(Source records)
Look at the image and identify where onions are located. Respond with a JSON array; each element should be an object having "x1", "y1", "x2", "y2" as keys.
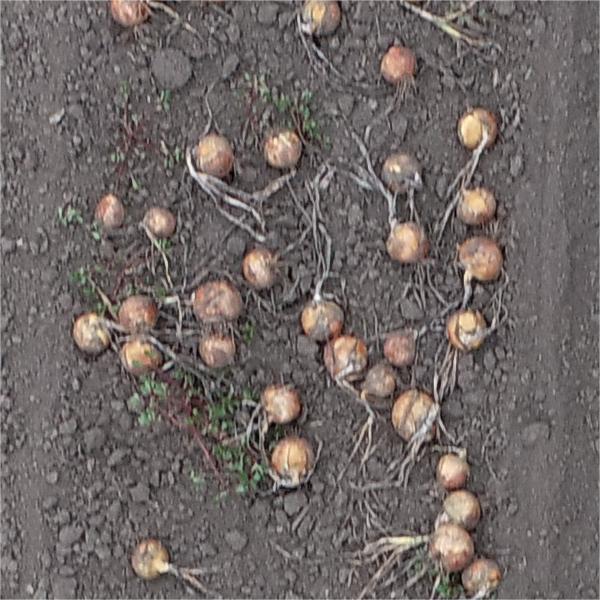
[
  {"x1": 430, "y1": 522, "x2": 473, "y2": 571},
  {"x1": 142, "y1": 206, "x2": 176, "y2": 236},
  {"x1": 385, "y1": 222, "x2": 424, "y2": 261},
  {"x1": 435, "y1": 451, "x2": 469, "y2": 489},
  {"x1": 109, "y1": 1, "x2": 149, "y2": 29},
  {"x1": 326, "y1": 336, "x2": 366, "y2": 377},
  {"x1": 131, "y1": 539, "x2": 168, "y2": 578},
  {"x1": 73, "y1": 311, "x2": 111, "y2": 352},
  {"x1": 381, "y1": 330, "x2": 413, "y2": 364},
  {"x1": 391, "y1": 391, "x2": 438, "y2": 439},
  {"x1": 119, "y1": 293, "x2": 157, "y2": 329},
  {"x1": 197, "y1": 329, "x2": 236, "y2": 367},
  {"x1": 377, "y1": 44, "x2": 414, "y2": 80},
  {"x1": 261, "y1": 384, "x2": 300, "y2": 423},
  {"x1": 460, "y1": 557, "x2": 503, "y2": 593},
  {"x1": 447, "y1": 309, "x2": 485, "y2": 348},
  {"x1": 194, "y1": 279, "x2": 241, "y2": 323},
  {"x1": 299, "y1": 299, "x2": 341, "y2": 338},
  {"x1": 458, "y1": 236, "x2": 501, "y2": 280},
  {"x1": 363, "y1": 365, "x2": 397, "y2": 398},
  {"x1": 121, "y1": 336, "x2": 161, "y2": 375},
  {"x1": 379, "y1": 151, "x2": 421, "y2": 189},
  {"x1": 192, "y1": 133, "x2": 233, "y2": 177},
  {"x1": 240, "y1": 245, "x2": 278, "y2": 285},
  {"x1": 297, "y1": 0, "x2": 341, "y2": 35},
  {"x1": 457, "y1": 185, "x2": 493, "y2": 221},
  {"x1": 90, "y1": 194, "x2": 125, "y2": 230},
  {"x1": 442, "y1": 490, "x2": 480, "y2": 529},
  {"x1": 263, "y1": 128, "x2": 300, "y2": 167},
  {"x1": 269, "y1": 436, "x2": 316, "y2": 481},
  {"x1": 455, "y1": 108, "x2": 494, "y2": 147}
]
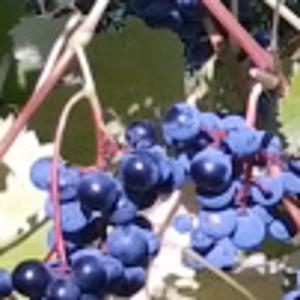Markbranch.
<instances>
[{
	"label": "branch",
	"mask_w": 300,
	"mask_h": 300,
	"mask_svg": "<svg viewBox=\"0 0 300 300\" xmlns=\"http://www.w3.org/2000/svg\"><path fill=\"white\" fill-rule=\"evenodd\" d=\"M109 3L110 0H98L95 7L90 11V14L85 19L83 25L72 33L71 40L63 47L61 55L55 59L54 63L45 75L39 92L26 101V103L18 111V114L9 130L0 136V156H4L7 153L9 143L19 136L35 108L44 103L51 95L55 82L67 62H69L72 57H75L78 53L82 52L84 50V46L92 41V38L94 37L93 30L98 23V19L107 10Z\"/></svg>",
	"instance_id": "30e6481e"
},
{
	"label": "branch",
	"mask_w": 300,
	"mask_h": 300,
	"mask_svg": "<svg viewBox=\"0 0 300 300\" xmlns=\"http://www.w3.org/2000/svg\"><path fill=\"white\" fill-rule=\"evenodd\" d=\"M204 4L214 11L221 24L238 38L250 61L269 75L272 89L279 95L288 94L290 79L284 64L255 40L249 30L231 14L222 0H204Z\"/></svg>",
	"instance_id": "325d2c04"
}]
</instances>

__WORK TASK__.
Find the word "viewBox" in the entries, then copy out every line that has it.

__SOLUTION TO THE EXERCISE__.
	"mask_svg": "<svg viewBox=\"0 0 300 300\" xmlns=\"http://www.w3.org/2000/svg\"><path fill=\"white\" fill-rule=\"evenodd\" d=\"M109 3L110 0H98L95 7L90 11V14L85 19L83 25L72 33L71 40L63 47L61 55L55 59L54 63L45 75L39 92L26 101V103L18 111V114L9 130L0 136V156H4L7 153L9 143L19 136L35 108L44 103L51 95L55 82L67 62H69L72 57H75L78 53L82 52L84 50V46L92 41V38L94 37L93 30L98 23V19L107 10Z\"/></svg>",
	"mask_svg": "<svg viewBox=\"0 0 300 300\" xmlns=\"http://www.w3.org/2000/svg\"><path fill=\"white\" fill-rule=\"evenodd\" d=\"M204 4L214 11L221 24L238 38L250 61L269 75L272 89L279 95L288 94L290 79L284 64L255 40L249 30L231 14L222 0H204Z\"/></svg>",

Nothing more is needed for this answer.